WORK ITEM:
What is needed is an exact copy of the records, with the images left out.

AVAILABLE RECORDS:

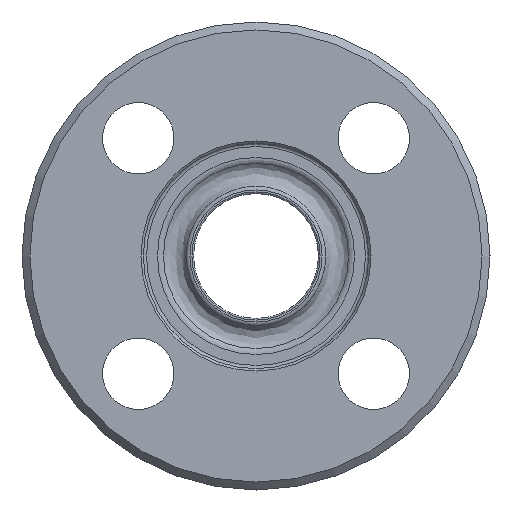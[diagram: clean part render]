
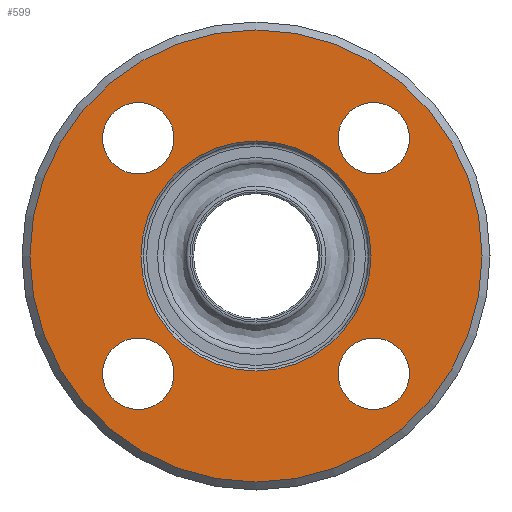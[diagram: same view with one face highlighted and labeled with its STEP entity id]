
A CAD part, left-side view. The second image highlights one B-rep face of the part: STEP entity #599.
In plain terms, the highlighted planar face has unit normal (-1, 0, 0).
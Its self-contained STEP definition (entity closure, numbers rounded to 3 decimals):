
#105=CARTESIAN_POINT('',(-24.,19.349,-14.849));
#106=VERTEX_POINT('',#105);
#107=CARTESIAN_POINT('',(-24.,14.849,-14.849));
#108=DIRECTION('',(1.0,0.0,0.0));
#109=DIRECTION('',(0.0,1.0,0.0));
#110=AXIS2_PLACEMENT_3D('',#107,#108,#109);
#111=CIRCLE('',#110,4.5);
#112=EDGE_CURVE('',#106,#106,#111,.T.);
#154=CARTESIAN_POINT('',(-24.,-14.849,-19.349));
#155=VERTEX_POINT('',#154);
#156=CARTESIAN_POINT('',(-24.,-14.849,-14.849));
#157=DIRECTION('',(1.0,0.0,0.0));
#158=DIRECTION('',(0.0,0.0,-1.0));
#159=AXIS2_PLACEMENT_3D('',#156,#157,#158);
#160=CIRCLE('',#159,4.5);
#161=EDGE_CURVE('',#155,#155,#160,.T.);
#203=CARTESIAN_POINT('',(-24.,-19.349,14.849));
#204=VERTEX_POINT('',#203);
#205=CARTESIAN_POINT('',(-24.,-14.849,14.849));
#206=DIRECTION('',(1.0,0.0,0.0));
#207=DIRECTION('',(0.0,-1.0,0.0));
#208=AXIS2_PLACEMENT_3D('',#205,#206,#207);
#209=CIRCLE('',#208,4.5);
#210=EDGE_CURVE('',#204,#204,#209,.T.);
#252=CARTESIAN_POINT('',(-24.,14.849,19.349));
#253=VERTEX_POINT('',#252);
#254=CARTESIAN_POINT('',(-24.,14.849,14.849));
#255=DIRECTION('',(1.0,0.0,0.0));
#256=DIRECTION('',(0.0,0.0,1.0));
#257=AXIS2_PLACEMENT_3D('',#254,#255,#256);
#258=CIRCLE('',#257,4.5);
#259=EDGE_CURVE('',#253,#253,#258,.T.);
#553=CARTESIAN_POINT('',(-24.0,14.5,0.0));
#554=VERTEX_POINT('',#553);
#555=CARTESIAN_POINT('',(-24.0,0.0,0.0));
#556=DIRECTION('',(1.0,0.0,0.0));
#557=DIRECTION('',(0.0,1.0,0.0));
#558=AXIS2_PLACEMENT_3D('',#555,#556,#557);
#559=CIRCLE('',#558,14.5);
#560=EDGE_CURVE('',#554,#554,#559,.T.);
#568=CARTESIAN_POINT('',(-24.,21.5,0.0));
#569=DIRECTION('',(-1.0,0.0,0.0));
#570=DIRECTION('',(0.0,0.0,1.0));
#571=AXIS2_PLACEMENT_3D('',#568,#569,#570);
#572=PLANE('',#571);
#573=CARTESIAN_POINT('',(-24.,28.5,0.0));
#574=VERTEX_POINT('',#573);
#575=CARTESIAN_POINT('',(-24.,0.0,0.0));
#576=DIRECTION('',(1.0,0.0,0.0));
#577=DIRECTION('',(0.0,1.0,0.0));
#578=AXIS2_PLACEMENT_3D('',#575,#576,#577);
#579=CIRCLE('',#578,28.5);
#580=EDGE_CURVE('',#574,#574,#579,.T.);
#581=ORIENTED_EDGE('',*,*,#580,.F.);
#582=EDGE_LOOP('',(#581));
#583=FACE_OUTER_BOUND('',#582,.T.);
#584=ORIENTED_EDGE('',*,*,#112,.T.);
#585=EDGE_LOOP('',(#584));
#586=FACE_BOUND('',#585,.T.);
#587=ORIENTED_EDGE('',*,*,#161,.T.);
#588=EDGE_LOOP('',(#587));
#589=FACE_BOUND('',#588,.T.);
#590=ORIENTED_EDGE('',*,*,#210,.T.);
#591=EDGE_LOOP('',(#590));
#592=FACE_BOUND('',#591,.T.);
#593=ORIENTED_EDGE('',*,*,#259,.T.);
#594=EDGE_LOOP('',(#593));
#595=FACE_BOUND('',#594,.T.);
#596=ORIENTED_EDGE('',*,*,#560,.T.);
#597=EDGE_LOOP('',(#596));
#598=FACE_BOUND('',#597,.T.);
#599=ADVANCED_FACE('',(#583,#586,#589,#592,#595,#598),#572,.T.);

RESPONSE TO THE EXERCISE:
[diagram: clean part render]
[diagram: same view with one face highlighted and labeled with its STEP entity id]
A CAD part, left-side view. The second image highlights one B-rep face of the part: STEP entity #599.
In plain terms, the highlighted planar face has unit normal (-1, 0, 0).
Its self-contained STEP definition (entity closure, numbers rounded to 3 decimals):
#105=CARTESIAN_POINT('',(-24.,19.349,-14.849));
#106=VERTEX_POINT('',#105);
#107=CARTESIAN_POINT('',(-24.,14.849,-14.849));
#108=DIRECTION('',(1.0,0.0,0.0));
#109=DIRECTION('',(0.0,1.0,0.0));
#110=AXIS2_PLACEMENT_3D('',#107,#108,#109);
#111=CIRCLE('',#110,4.5);
#112=EDGE_CURVE('',#106,#106,#111,.T.);
#154=CARTESIAN_POINT('',(-24.,-14.849,-19.349));
#155=VERTEX_POINT('',#154);
#156=CARTESIAN_POINT('',(-24.,-14.849,-14.849));
#157=DIRECTION('',(1.0,0.0,0.0));
#158=DIRECTION('',(0.0,0.0,-1.0));
#159=AXIS2_PLACEMENT_3D('',#156,#157,#158);
#160=CIRCLE('',#159,4.5);
#161=EDGE_CURVE('',#155,#155,#160,.T.);
#203=CARTESIAN_POINT('',(-24.,-19.349,14.849));
#204=VERTEX_POINT('',#203);
#205=CARTESIAN_POINT('',(-24.,-14.849,14.849));
#206=DIRECTION('',(1.0,0.0,0.0));
#207=DIRECTION('',(0.0,-1.0,0.0));
#208=AXIS2_PLACEMENT_3D('',#205,#206,#207);
#209=CIRCLE('',#208,4.5);
#210=EDGE_CURVE('',#204,#204,#209,.T.);
#252=CARTESIAN_POINT('',(-24.,14.849,19.349));
#253=VERTEX_POINT('',#252);
#254=CARTESIAN_POINT('',(-24.,14.849,14.849));
#255=DIRECTION('',(1.0,0.0,0.0));
#256=DIRECTION('',(0.0,0.0,1.0));
#257=AXIS2_PLACEMENT_3D('',#254,#255,#256);
#258=CIRCLE('',#257,4.5);
#259=EDGE_CURVE('',#253,#253,#258,.T.);
#553=CARTESIAN_POINT('',(-24.0,14.5,0.0));
#554=VERTEX_POINT('',#553);
#555=CARTESIAN_POINT('',(-24.0,0.0,0.0));
#556=DIRECTION('',(1.0,0.0,0.0));
#557=DIRECTION('',(0.0,1.0,0.0));
#558=AXIS2_PLACEMENT_3D('',#555,#556,#557);
#559=CIRCLE('',#558,14.5);
#560=EDGE_CURVE('',#554,#554,#559,.T.);
#568=CARTESIAN_POINT('',(-24.,21.5,0.0));
#569=DIRECTION('',(-1.0,0.0,0.0));
#570=DIRECTION('',(0.0,0.0,1.0));
#571=AXIS2_PLACEMENT_3D('',#568,#569,#570);
#572=PLANE('',#571);
#573=CARTESIAN_POINT('',(-24.,28.5,0.0));
#574=VERTEX_POINT('',#573);
#575=CARTESIAN_POINT('',(-24.,0.0,0.0));
#576=DIRECTION('',(1.0,0.0,0.0));
#577=DIRECTION('',(0.0,1.0,0.0));
#578=AXIS2_PLACEMENT_3D('',#575,#576,#577);
#579=CIRCLE('',#578,28.5);
#580=EDGE_CURVE('',#574,#574,#579,.T.);
#581=ORIENTED_EDGE('',*,*,#580,.F.);
#582=EDGE_LOOP('',(#581));
#583=FACE_OUTER_BOUND('',#582,.T.);
#584=ORIENTED_EDGE('',*,*,#112,.T.);
#585=EDGE_LOOP('',(#584));
#586=FACE_BOUND('',#585,.T.);
#587=ORIENTED_EDGE('',*,*,#161,.T.);
#588=EDGE_LOOP('',(#587));
#589=FACE_BOUND('',#588,.T.);
#590=ORIENTED_EDGE('',*,*,#210,.T.);
#591=EDGE_LOOP('',(#590));
#592=FACE_BOUND('',#591,.T.);
#593=ORIENTED_EDGE('',*,*,#259,.T.);
#594=EDGE_LOOP('',(#593));
#595=FACE_BOUND('',#594,.T.);
#596=ORIENTED_EDGE('',*,*,#560,.T.);
#597=EDGE_LOOP('',(#596));
#598=FACE_BOUND('',#597,.T.);
#599=ADVANCED_FACE('',(#583,#586,#589,#592,#595,#598),#572,.T.);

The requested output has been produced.